I'll call the Bell basis states "agree add", "agree subtract", "disagree add", and "disagree subtract" respectively. You can switch between these states by hitting either one of the involved entangled qubits with a Z gate (which switches the add/subtract bit) or with an X gate (which switches the agree/disagree bit).

These are all entangled states, but when you measure the involved qubits you will find that the specific state you're in affects whether the measurements along each axis will always agree or always disagree.

In the "disagree subtract" state, i.e. the singlet state, measurements give opposite answers along every axis.

In the "agree add" state, measurements along the X and Z axes will agree but measurements along the Y axis will disagree.

The other two states cause XY-agree/Z-disagree and YZ-agree/X-disagree respectively. Also you can create states where an X-axis measurement of one qubit will agree with a *Y*-axis measurement of the other (simply rotate one of the qubits 90 degrees). There's a whole spectrum of entangled states!

These kinds of details are important in quantum algorithms. For example, superdense coding puts information into the X and Z parities. If you don't know what the starting parities were, you won't be able to tell if the sender toggled them or not.

Oh hey, I wrote that post and made those images.

That animation is a representation of operations being applied to a single qubit. The bell basis states involve two qubits. So no, it's not directly relevant.

Last edited: Nov 6, 2016
10. Nov 6, 2016

### Staff: Mentor

No, it does not change the $T_0$ state.
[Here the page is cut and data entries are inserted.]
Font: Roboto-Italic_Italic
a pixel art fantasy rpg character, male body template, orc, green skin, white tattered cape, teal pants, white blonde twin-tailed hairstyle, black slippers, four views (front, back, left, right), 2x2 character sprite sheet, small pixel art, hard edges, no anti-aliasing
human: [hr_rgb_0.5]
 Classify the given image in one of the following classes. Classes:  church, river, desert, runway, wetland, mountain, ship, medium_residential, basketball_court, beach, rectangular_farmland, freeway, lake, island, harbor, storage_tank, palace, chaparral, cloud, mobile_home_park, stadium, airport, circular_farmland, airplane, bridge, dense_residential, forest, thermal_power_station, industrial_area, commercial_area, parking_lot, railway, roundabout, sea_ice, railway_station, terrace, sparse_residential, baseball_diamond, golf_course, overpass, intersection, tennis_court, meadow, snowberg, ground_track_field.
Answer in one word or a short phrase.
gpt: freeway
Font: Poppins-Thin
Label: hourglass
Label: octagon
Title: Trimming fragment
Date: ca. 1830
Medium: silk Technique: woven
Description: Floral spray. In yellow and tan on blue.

It reverses the sign of the $S$ state.

The $T_0$ state is $\vert01\rangle + \vert10\rangle$. If you swap the qubits in each term you get $\vert10\rangle + \vert01\rangle$, which is the same state $T_0$ (since adding the terms is commutative).

The $S$ state is $\vert01\rangle + \vert10\rangle$. If you swap the qubits in each term you get $\vert10\rangle - \vert01\rangle$, which is not the same state $S$; it's $- S$.
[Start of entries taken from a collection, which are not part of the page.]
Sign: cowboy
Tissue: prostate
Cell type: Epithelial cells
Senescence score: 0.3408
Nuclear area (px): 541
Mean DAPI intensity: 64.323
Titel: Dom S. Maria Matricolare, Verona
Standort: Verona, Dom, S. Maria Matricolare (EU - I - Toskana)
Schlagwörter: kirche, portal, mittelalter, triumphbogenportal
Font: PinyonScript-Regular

This describes both the $T_0$ and the $S$ state. But you have to be careful about exactly what this description describes. It describes what happens if you measure the spin of both qubits along the same axis--the axis along which the single qubit basis states $0$ and $1$ are defined. Call this the $z$ axis. In both the $T_0$ and the $S$ states, the two spins will always be opposite (whereas in the states $\vert00\rangle$ and $\vert11\rangle$ both spins will always be the same with this measurement).

In other words, this measurement alone is not enough to distinguish the $T_0$ and $S$ states. You need to make measurements along other spin directions. (Strilanc's post describes how you might do this.)

11. Nov 6, 2016

### zonde

One entangled state describes particles that give the same measurement result when both are rotated clockwise or both are rotated counter clockwise by the same angle. The other one gives the same measurement result when one is rotated clockwise but other is rotated counter clockwise by the same angle.
In other words in complementary basis measurements are correlated for one state and anticorrelated for the other one.

12. Nov 7, 2016

### A. Neumaier

$||01\rangle$ and $||10\rangle$ are orthogonal unit vectors. If you calculate the inner product of their sum and their difference you get zero. The square of the amplitude is the probability of the event I was referring to, hence it is zero. Thus the two states have nothing to do with each other - they are maximally dissimilar.